[Speex-dev] Re: just noise

Jean-Marc Valin jean-marc.valin at usherbrooke.ca
Tue Apr 24 22:40:56 PDT 2007


> OK I finally figured out the second noise problem.  It's a riddle
> wrapped in a mystery inside an enigma.  Judging by the somewhat odd
> structure of le_short() and be_short(), I think this keeps coming up
> over and over again.  Even Apple's byte swapping macros fail under
> certain circumstances, and here's why:

Funny thing is you seem to be the first to report that... not quite sure
why.

> 1. Logical shifting must be used, not arithmetic (or else the high bit
> is wrong)

So far so good.

> 2. Conversion from short to float must be signed, not unsigned (or else
> the line level is wrong)

Seems like there was a problem there and I ended up with a +32768 offset
-- not good.

> 3. The order of operations must be written just-so, or gcc stumbles over
> the conversion from short to float

what do you mean here?

> The offending line was this one:
> 
> for (i=0;i<FRAME_SIZE;i++)
>     input[i] = le_short( in[i] );
> 
> This always fails with the current le_short() function.  Here are
> updated versions, in both macro and inline form.  You can leave inline
> off of the function version and it still works fine:

<snip>

I'll fix that for the next release (hopefully soon).

> Now I am sorry to rant a moment, but I am getting too old for this
> stuff.  Whenever I am speaking with fellow programmers, they love to
> jump to the conclusion that the problem is mine and that there is
> nothing wrong with the code.  I am experienced enough to know that there
> are multitudes of reasons why things fail and that yes, even vanilla
> code examples often fail.  I tried your sample code and it didn't work,
> plain and simple.

Well, it didn't work on big-endian machines and I happen not to have any
such machine, which is why I rely on bug reports for these
architectures. As for which code to blame, my experience with Speex is
that 95% of the problems are with code using Speex and not with the
Speex code (I'm not going into the reason why code is broken).

> UNIX is like this through and through.  Whenever I try something, I just
> know it won't work, like I knew this wouldn't work.  The fault is almost
> never mine (at least not through incompetence, because I follow
> directions explicitly), but is cause by assumptions about the
> infrastructure by myself and others.  For all its benefits, the unix
> mindset can easily condemn us to a life of servitude, baby sitting our
> computers instead of getting real work done.

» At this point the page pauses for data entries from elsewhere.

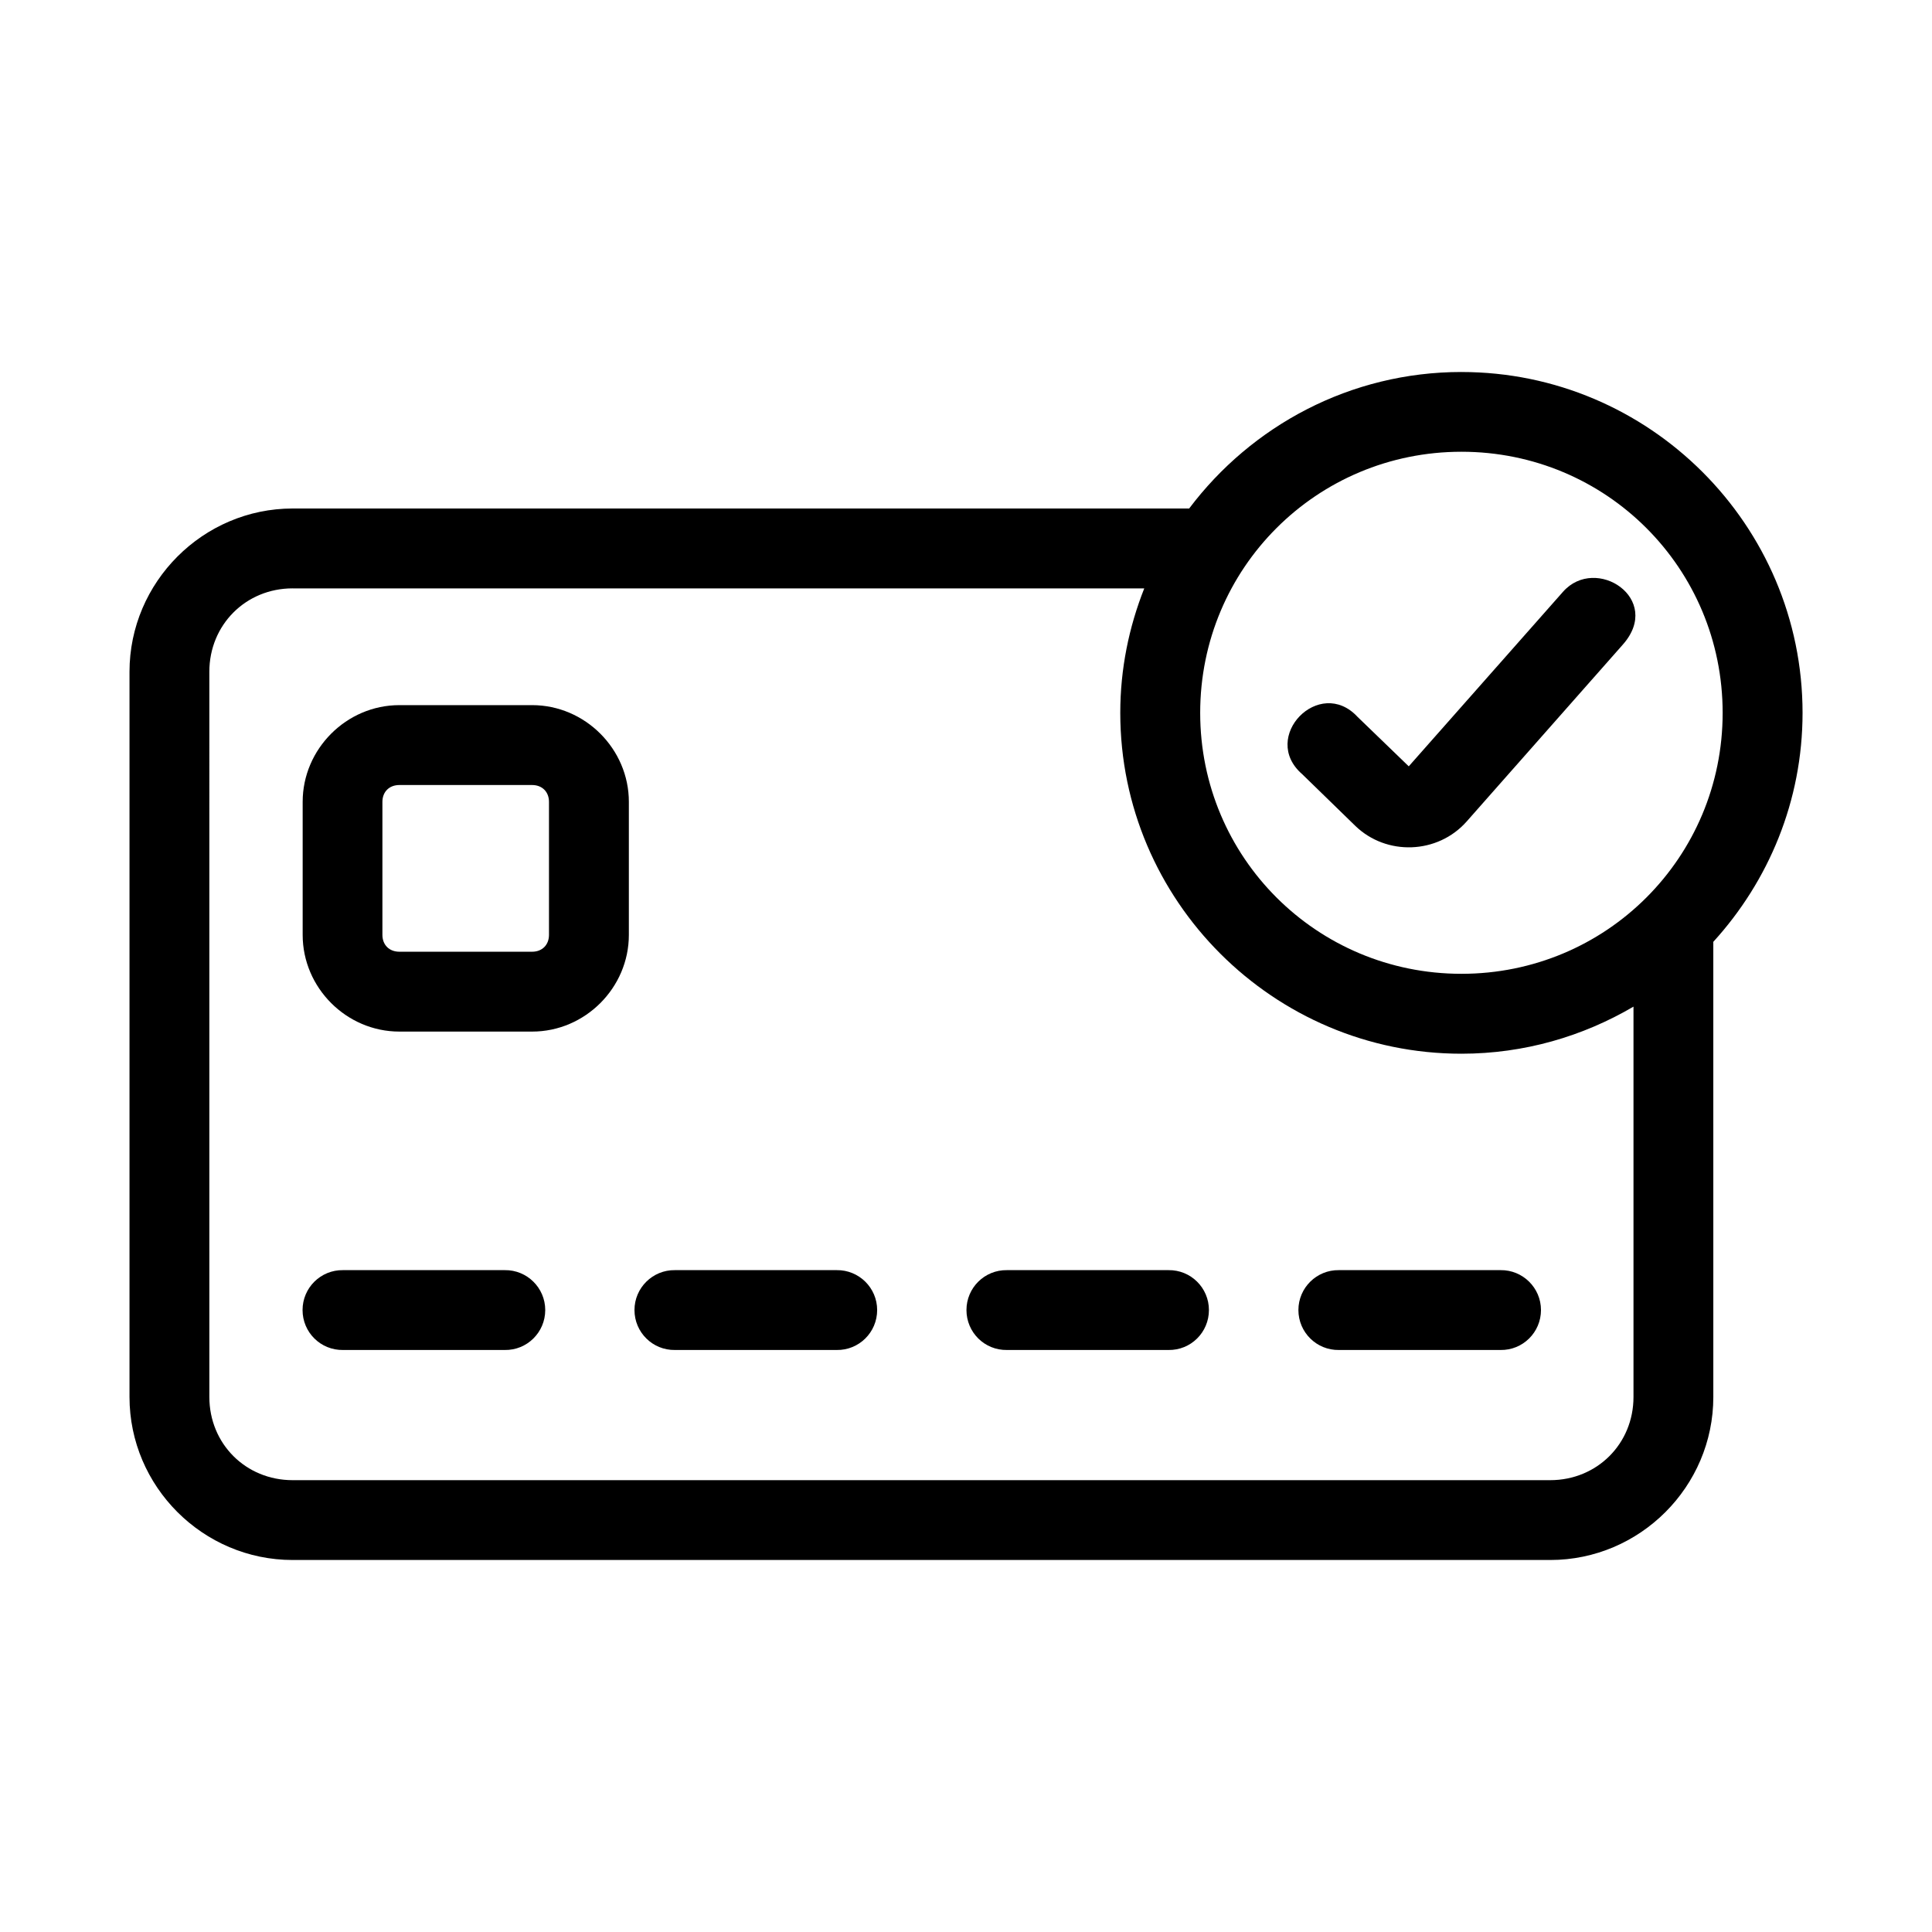 <?xml version="1.0" encoding="UTF-8"?>
<!-- Uploaded to: SVG Repo, www.svgrepo.com, Generator: SVG Repo Mixer Tools -->
<svg fill="#000000" width="800px" height="800px" version="1.1" viewBox="144 144 512 512" xmlns="http://www.w3.org/2000/svg">
 <g>
  <path d="m322.87 480.6c-5.891-0.09-10.727 4.684-10.727 10.574 0 5.922 4.836 10.68 10.727 10.586h42.855c5.894 0.102 10.73-4.664 10.73-10.586 0-5.891-4.836-10.66-10.73-10.574z"/>
  <path d="m234.91 480.6c-5.922-0.09-10.73 4.684-10.73 10.574 0 5.922 4.809 10.68 10.73 10.586h42.855c5.891 0.102 10.727-4.664 10.727-10.586 0-5.891-4.836-10.66-10.727-10.574z"/>
  <path d="m410.85 480.6c-5.918-0.09-10.727 4.684-10.727 10.574 0 5.922 4.809 10.68 10.727 10.586h42.801c5.918 0.102 10.727-4.664 10.727-10.586 0-5.891-4.809-10.66-10.727-10.574z"/>
  <path d="m498.82 480.6c-5.891-0.09-10.73 4.684-10.73 10.574 0 5.922 4.844 10.68 10.73 10.586h42.828c5.891 0.102 10.727-4.664 10.727-10.586 0-5.891-4.836-10.66-10.727-10.574z"/>
  <path d="m221.55 299.93h225.69c-4.055 10.234-6.356 21.324-6.356 32.984 0 49.777 40.613 90.332 90.406 90.332 16.652 0 32.188-4.606 45.602-12.477v103.44c0 12.398-9.656 22.051-22.074 22.051h-333.27c-12.422 0-22.066-9.656-22.066-22.051l-0.004-192.18c0-12.422 9.648-22.105 22.07-22.105zm309.75-36.211c38.395 0 69.219 30.855 69.219 69.191 0 38.316-30.82 69.16-69.219 69.16-38.367 0-69.238-30.852-69.238-69.16 0-38.336 30.875-69.191 69.238-69.191zm0-21.137c-29.477 0-55.652 14.262-72.164 36.18l-237.58-0.004c-23.758 0-43.238 19.516-43.238 43.277v192.17c0 23.77 19.477 43.211 43.238 43.211h333.28c23.762 0 43.211-19.441 43.211-43.211l-0.004-120.61c14.637-16.066 23.652-37.32 23.652-60.68 0-49.777-40.586-90.328-90.391-90.328z"/>
  <path d="m558.21 300.83-40.875 46.254-13.559-13.094c-10.094-10.934-25.953 5.391-14.695 15.16l14.051 13.676c8.277 8.051 21.867 7.551 29.535-1.109l41.402-46.895c10.73-12.129-7.144-23.84-15.859-13.992z"/>
  <path d="m249.83 352.04h35.195c2.652 0 4.461 1.809 4.461 4.461v35.254c0 2.652-1.809 4.461-4.461 4.461h-35.195c-2.68 0-4.488-1.809-4.488-4.461v-35.254c0-2.656 1.809-4.461 4.488-4.461zm0-21.172c-14.023 0-25.621 11.633-25.621 25.629v35.254c0 14.023 11.598 25.629 25.621 25.629h35.195c14.023 0 25.629-11.605 25.629-25.629v-35.254c0-13.996-11.605-25.629-25.629-25.629z"/>
 </g>
</svg>

I guess you could always switch to this Windows OS people keep talking
about. I've never really used it, but everyone keeps saying lots of nice
things about it ;-)

> Anyway, I hope this series of emails shows the importance of providing
> full examples for the target environments.  If you ever want speex to
> catch on in the mainstream, everyday people need to be able to drop it
> in, but at this point only hackers can really do that.  I mean the kind
> of hackers willing to spend 2 days to fix 2 lines of code that should
> "just work."

All I can say is "shit happens" (and endianness bugs too). However, most
people who know what they're doing (e.g. don't attempt to pass u-law
instead of floats to get 4x the compression) usually get Speex working
rather quickly.

> So I thank you from the bottom of my heart for making such a brilliant
> piece of software as speex, I really appreciate what you guys stand for
> :)  I just hope that you get some time to step back and polish up the
> sample code and manual just a hair.  I know how it goes when you have to
> spend all of your time on development to keep something even just
> working, so this rant is not directed at anyone in particular :)

What kind of polish to the sample code. Can you send a patch?